Fig. 4. Results of wavelength selection by the use of CARS.

3.4. Comparation of PLS and SVR predictions

Different PLS models are built with the previously mentioned preprocessing and evaluated by the coefficient of determination ( $R^{2}$ ), RMSEP, and RPD. As shown in Table 3, for green leaves, the interactance measurement produced a better performance than transmittance measurement because of the higher values of RPD and $R^{2}$ and a lower RMSEP. Compared to others, the first-order derivative processing method combined with SNV and CARS got the highest RPD and $R^{2}$ and the lowest RMSEP, which proved to be the best preprocessing method.
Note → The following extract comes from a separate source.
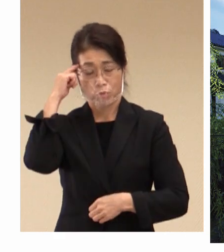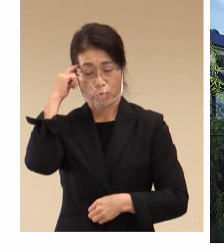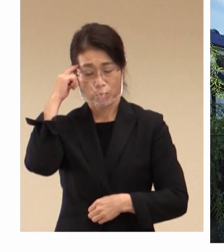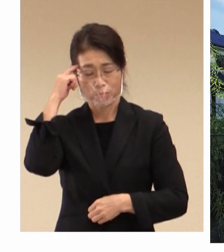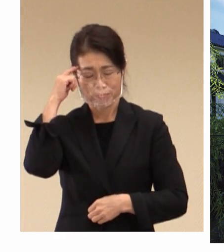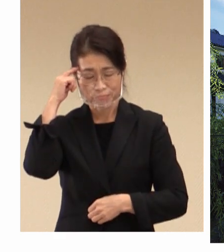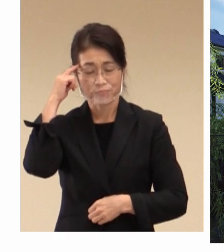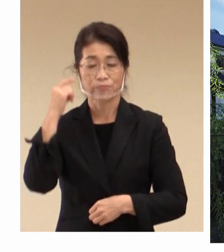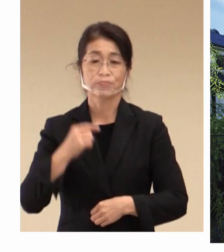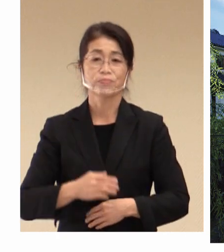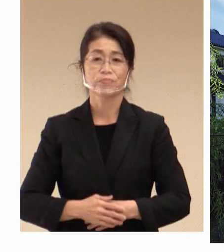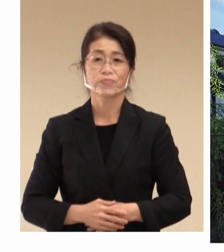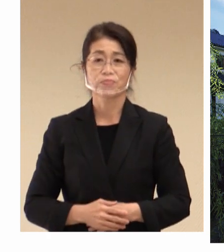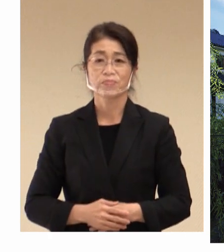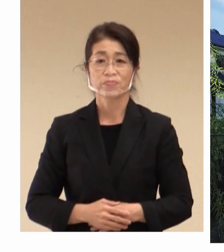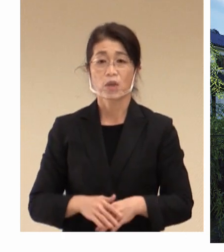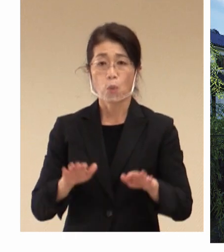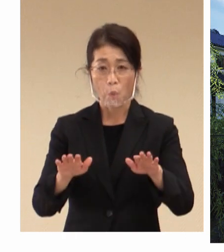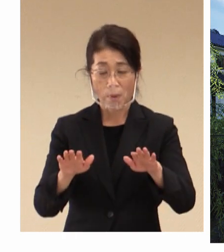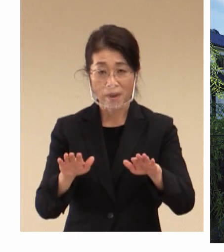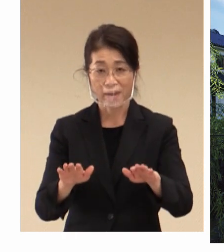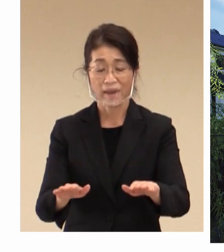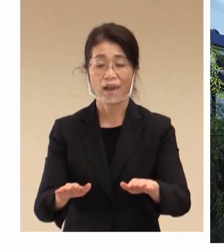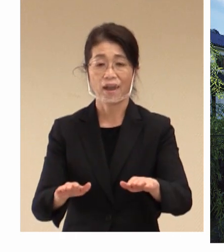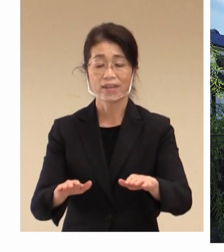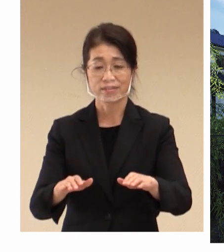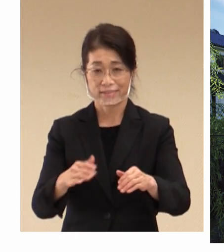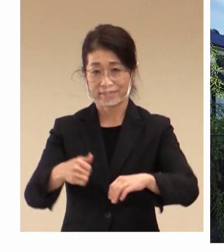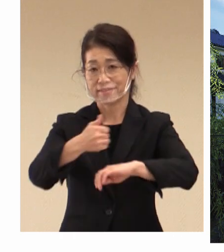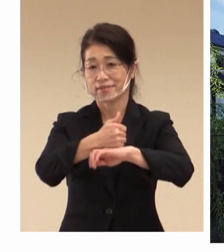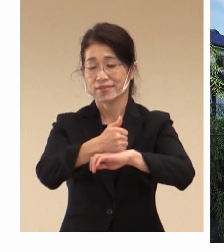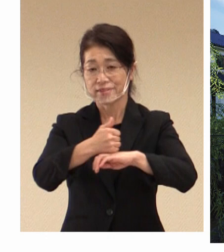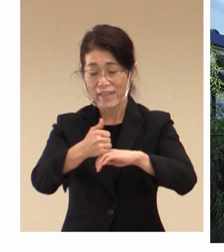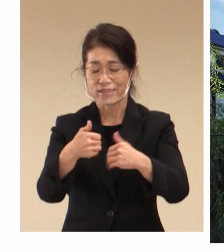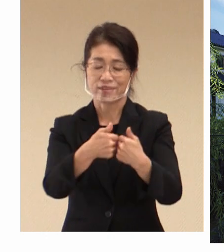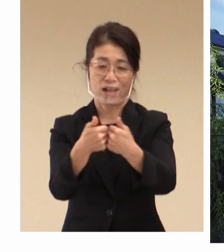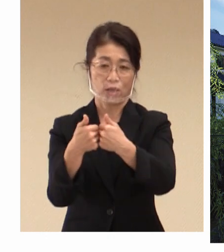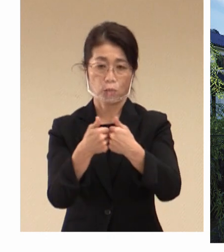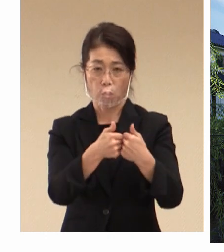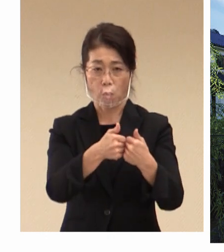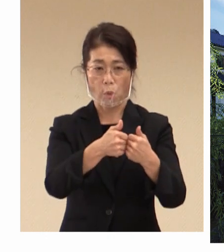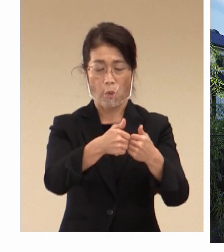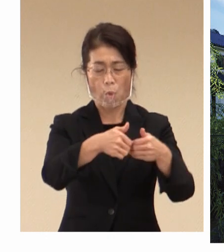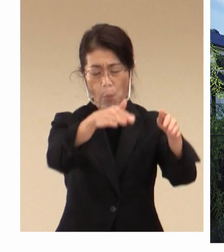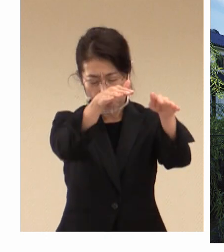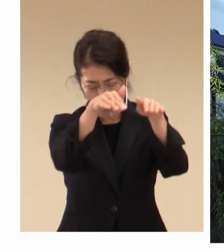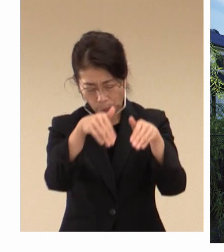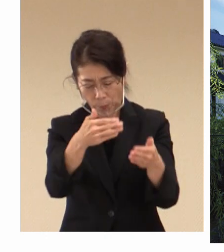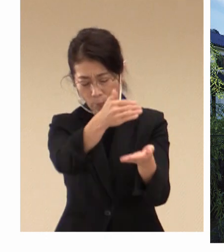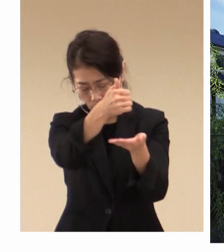考えておりまして、この度の大臣会合の 誘致につきまして行ってきたところで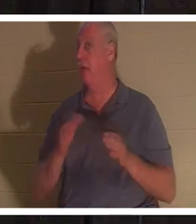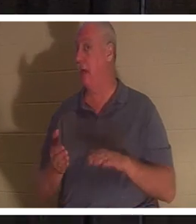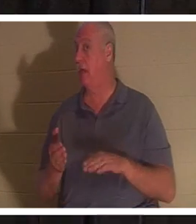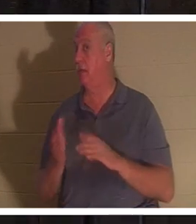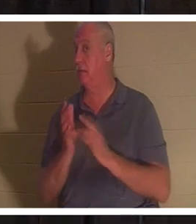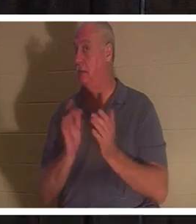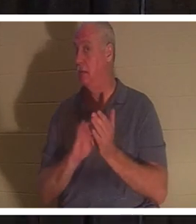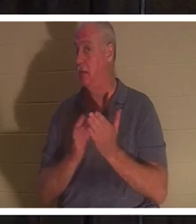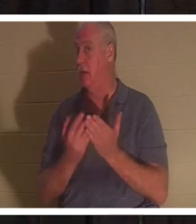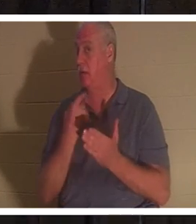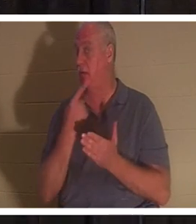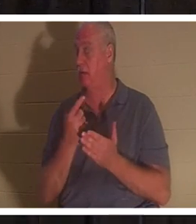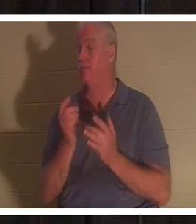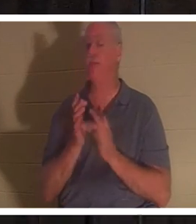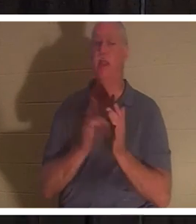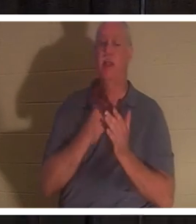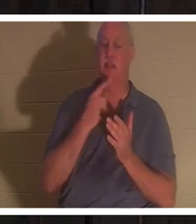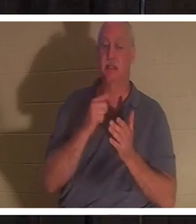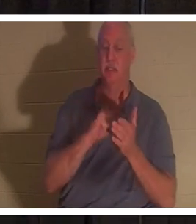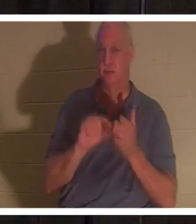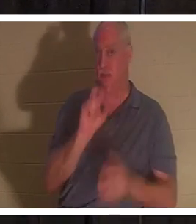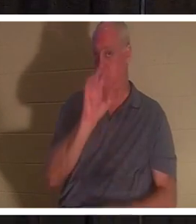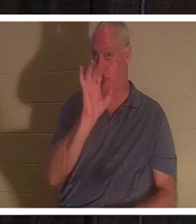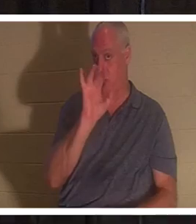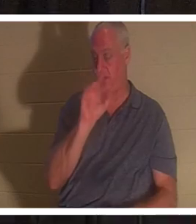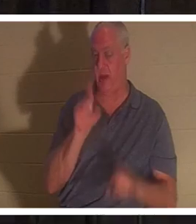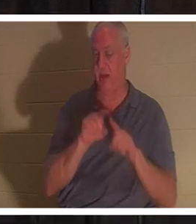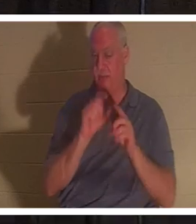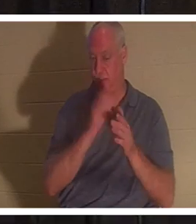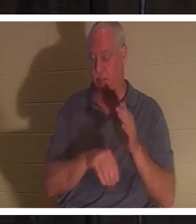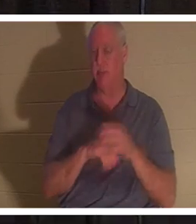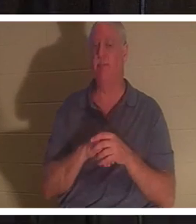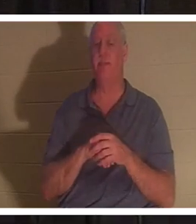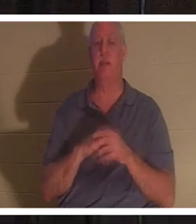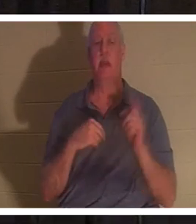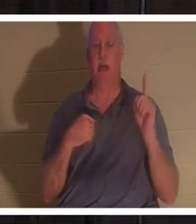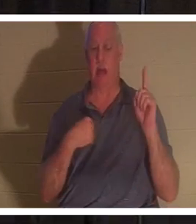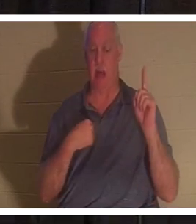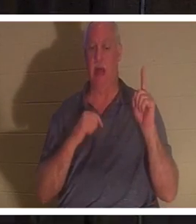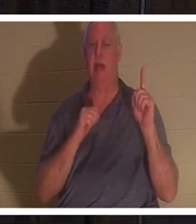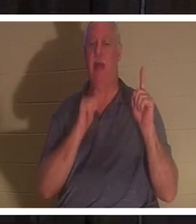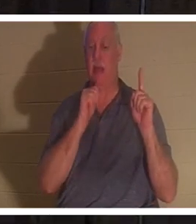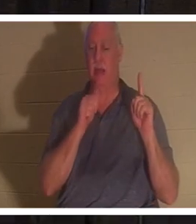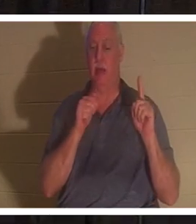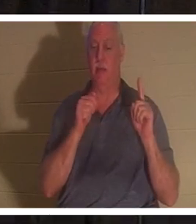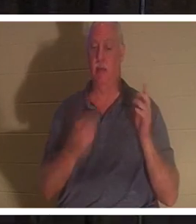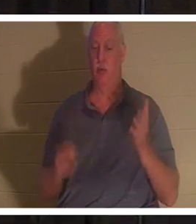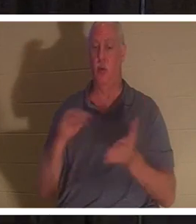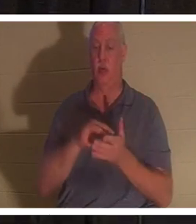耶稣在同一章25节说：“复活在我，生命也在

As for the petioles, the best choice is second-order derivative preprocessing based on the transmittance measurement. What is more, the optimal prediction results of PLS models are obtained from the spectral data of green leaves, which are $R^{2} = 0.93$ , $RMSEP = 24.86$ , and $RPD = 3.69$ .

In comparison, the evaluations of SVR models are shown in Table 4. By judging the prediction performance based on the results, it is indicated that the interactance measurement is still the best method for green leaves, same as in PLS prediction, and transmittance measurement is still suitable for petioles. The preprocessing spectra of the second-order derivative combined with SNV and CARS got the best performance for both green leaves and petioles, instead of the first-order derivative in PLS models. By comparison of the evaluated values, it is found that although the RPD values of prediction results of the optimal SVR models in green leaves and petioles are both over 2.5, the overall performance in predicting the potassium concentration is worse than that of PLS models, where the RPD values are over 3 in both green leaves and petioles. Meanwhile, the $R^{2}$ and RMSEP also showed worst performance in SVR prediction than that in PLS models, respectively. The reason is supposed to be the nonlinear principle of SVR, which increases the complexity of the prediction model, leading to that the nonlinear SVR algorithm is unsuitable for potassium concentration prediction in fresh lettuce; it shows that there is a more linear relationship between potassium concentration and visible–near-infrared spectrum information. Additionally, it is also proposed to be affected by the complex composition characteristics of fresh lettuce leaves. Similar results reported that the modeling of PLS based on Vis–NIR spectroscopy achieved promising prediction performances in numerous quality parameters, such as moisture content of cassava rhizome ground,⁵⁰ fructose and glucose contents of honey,⁵¹ inorganic phosphorus in soybeans,⁵² macronutrients, and the energy content of snack products.²⁶ In this study, separate investigation of the potassium status in green leaf and petiole prediction models is innovative, confirming the potential of the combination of PLS algorithm, suitable processing, and CARS wavelength selection method in the determination of potassium concentration.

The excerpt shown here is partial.